The Strange and Secret Notes of Lovers

Guy Patrick was in love with Elmira von Brut, the only daughter of Sir John and Lady Georgina von Brut, in the stately House of von Brut.

Distinguished generations of the von Brut family had passed through history, but Guy Patrick had the misfortune of being just a commoner. He was always a welcome guest, however, because of his penchant for scintillating conversation during the frequent times the Brut family had guests. Guy and Elmira kept their love secret by feigning intellectual but indifferent Platonism. But, meanwhile, Elmira regularly passed notes of love to Guy by leaving them at agreed secret drops in each of the \(9\) rooms, all of the adjacent rooms having a door in common between them.
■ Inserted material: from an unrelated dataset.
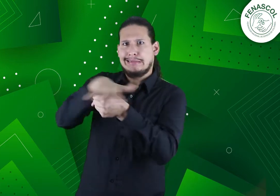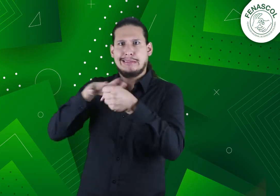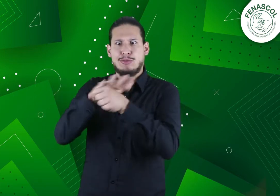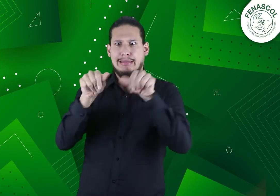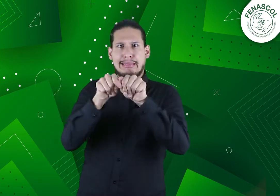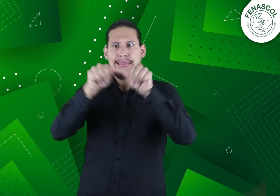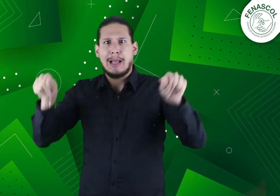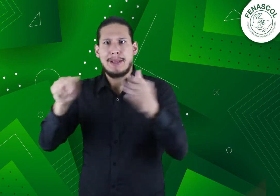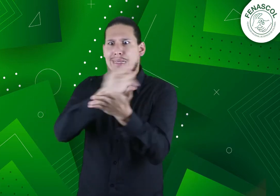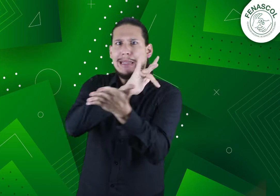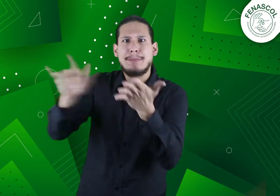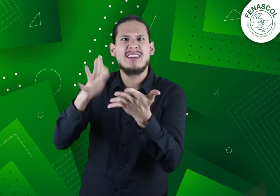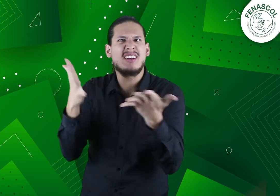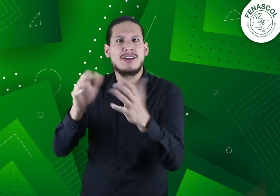actual por el COVID-19.

Because of the frequent presence of guests, and also because either Sir John or Lady Georgina was invariably in one or more of the rooms, Guy would only make a sweep of \(3\) rooms at a time so as to not arouse suspicions, picking up the notes if they happened to be in any of the drops. He would sweep either \(3\) rooms in a row, or \(3\) rooms in a column, before he would try again on another night, and be satisfied with what he found, or did not find. After each night, Elmira would collect any notes left behind, and reseeded the rooms at the next opportunity.
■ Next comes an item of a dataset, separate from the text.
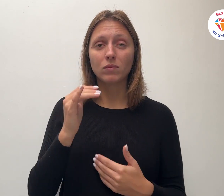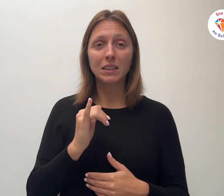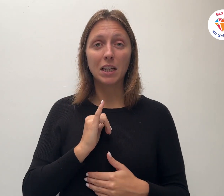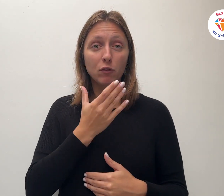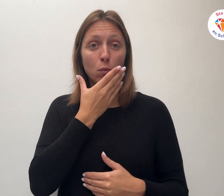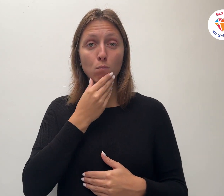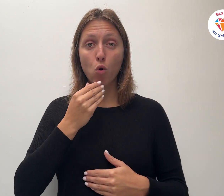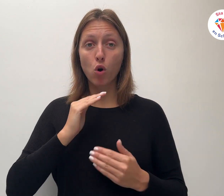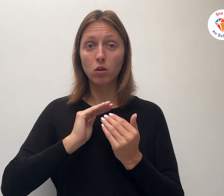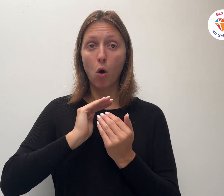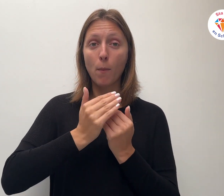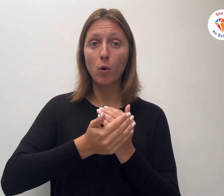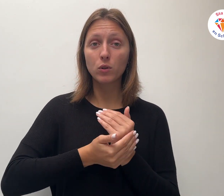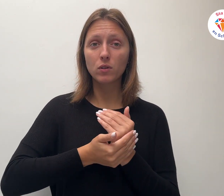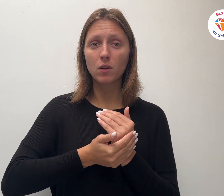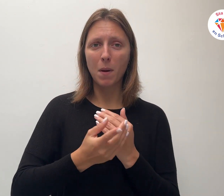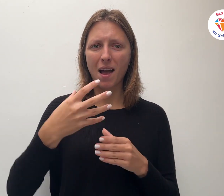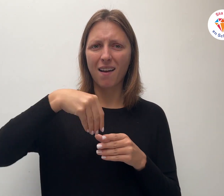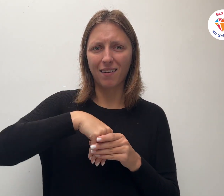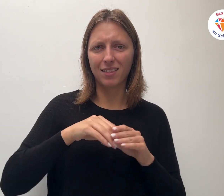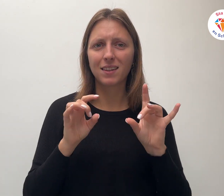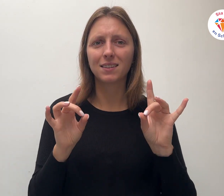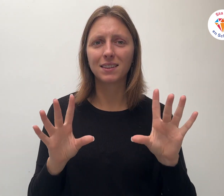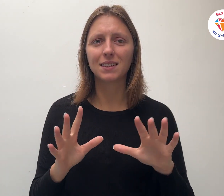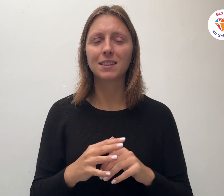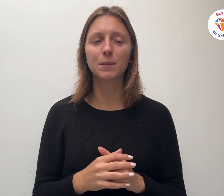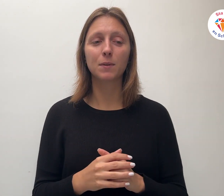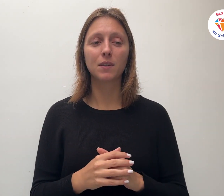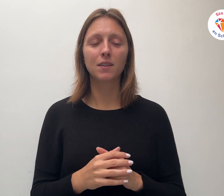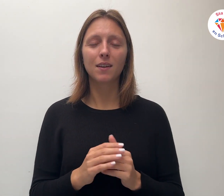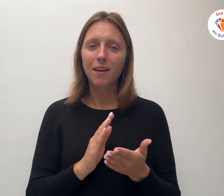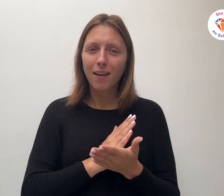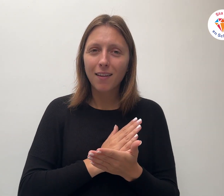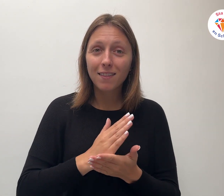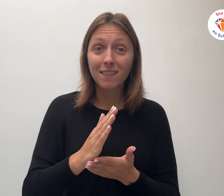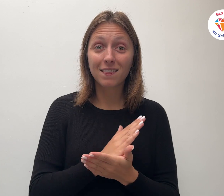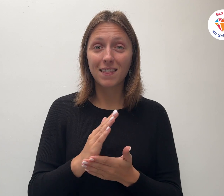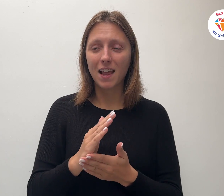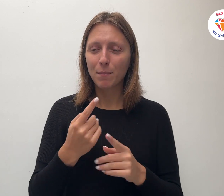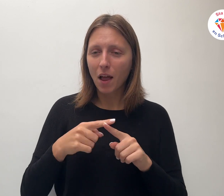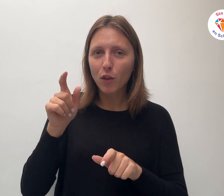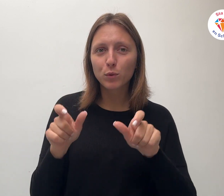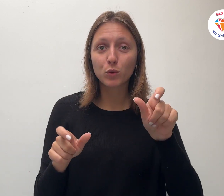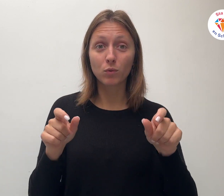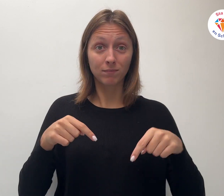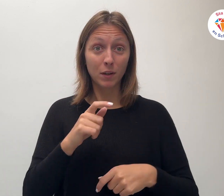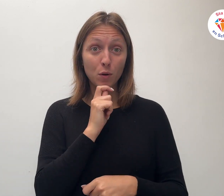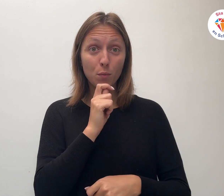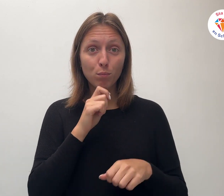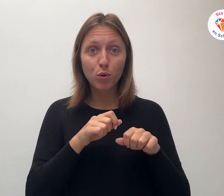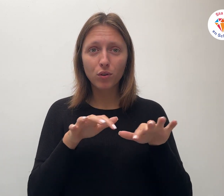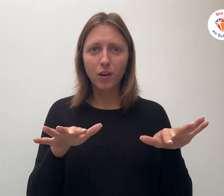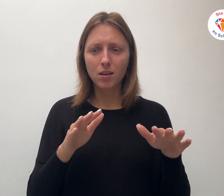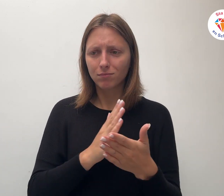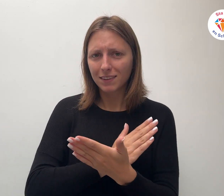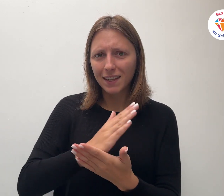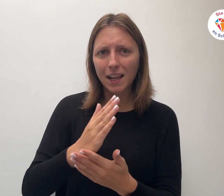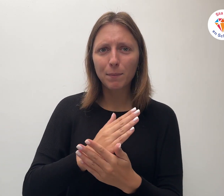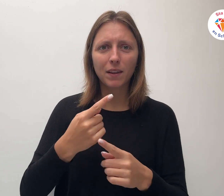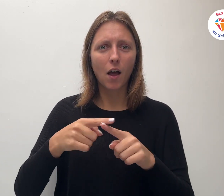Deel de vruchten van God met anderen Deel deze podcast met anderen Maar het allerbelangrijkste Deel het

Guy Patrick, while only a commoner, was an avid amateur scientist and mathematician, and had read the latest works of mathematicians of his age, Blaise Pascal, Christian Huygens, Abraham de Moivre, and Jacob Bernoulli whose book on probability theory, Ars Conjectandi, was just published posthumously. Flush with newfound ideas of probability theory, Guy carefully noted certain things about his successes with his \(3\) room sweeps, namely,

1) \(\;\) Whenever he made a sweep of \(3\) rooms in a row, either row \(1, 2,\) or \(3\), it did not matter which row he chose; half of the time he would find exactly \(2\) notes, one note in each of \(2\) rooms out of \(3\) which seemed to be at random, and the other half of the time he found nothing.

2) \(\;\) Whenever he made a sweep of \(3\) rooms in a column, either column \(A, B,\) or \(C\), it did not matter which column he chose; he would always find exactly \(1\) note.

Thus, the expected number of notes Guy would find in any \(3\) room sweep was always \(1\).

Following the ideas and examples shown in the works of these men, Guy carefully reasoned that, because of the fact he never found anything other than exactly \(1\) note when making a sweep of \(3\) rooms in a column, he proposed that what might be happening is that Elmira was always either leaving behind only \(2\) notes, one each in a room, and only the rooms that were in a row, which was chosen at random, or she left behind nothing at all. He made himself a sketch of all \(10\) possibilities as follows:

He hypothesized that each of the first \(9\) cases was occurring with equal probability, while the last case where Elmira left behind nothing was occurring with a probability not necessarily equal to any of the other \(9\) cases. He then did the math on this, figuring out what the probability of the last case of her leaving behind nothing had to be, in order to get a result that matched his experience and observation, which he did successfully.

He knew that Elmira was an extraordinary creature, as men who are in love often say about those they loved, but he was just enough of a mathematician to realize that what was happening was truly extraordinary. He couldn’t quite put his finger on it, but he felt as if he was glimpsing into a future when someday physicists would understand and explain this to him, but right now he found it hard to make any sense out of it, even though the mathematics of it was working out just fine.

What was the probability of Elmira leaving behind nothing? Give answer in decimal form.

\(\)
Note: This problem is asking for the probability of case \(10\), assuming that

1) Guy Patrick is indeed finding the notes in the manner he has been experiencing, without either him or Elmira knowing ahead of time how, when, and where the notes would be left and be [or not be] found (other than the location of the secret drops);

2) the probabilities of the first \(9\) cases are all the same, so that once the probability of case \(10\) is computed, the probability of each of the first \(9\) cases immediately follows, given that the total of the probabilities of all \(10\) cases is \(1,\)

...in order to deliver results that Guy Patrick has been observing, whether or not such results are "possible" in "real life."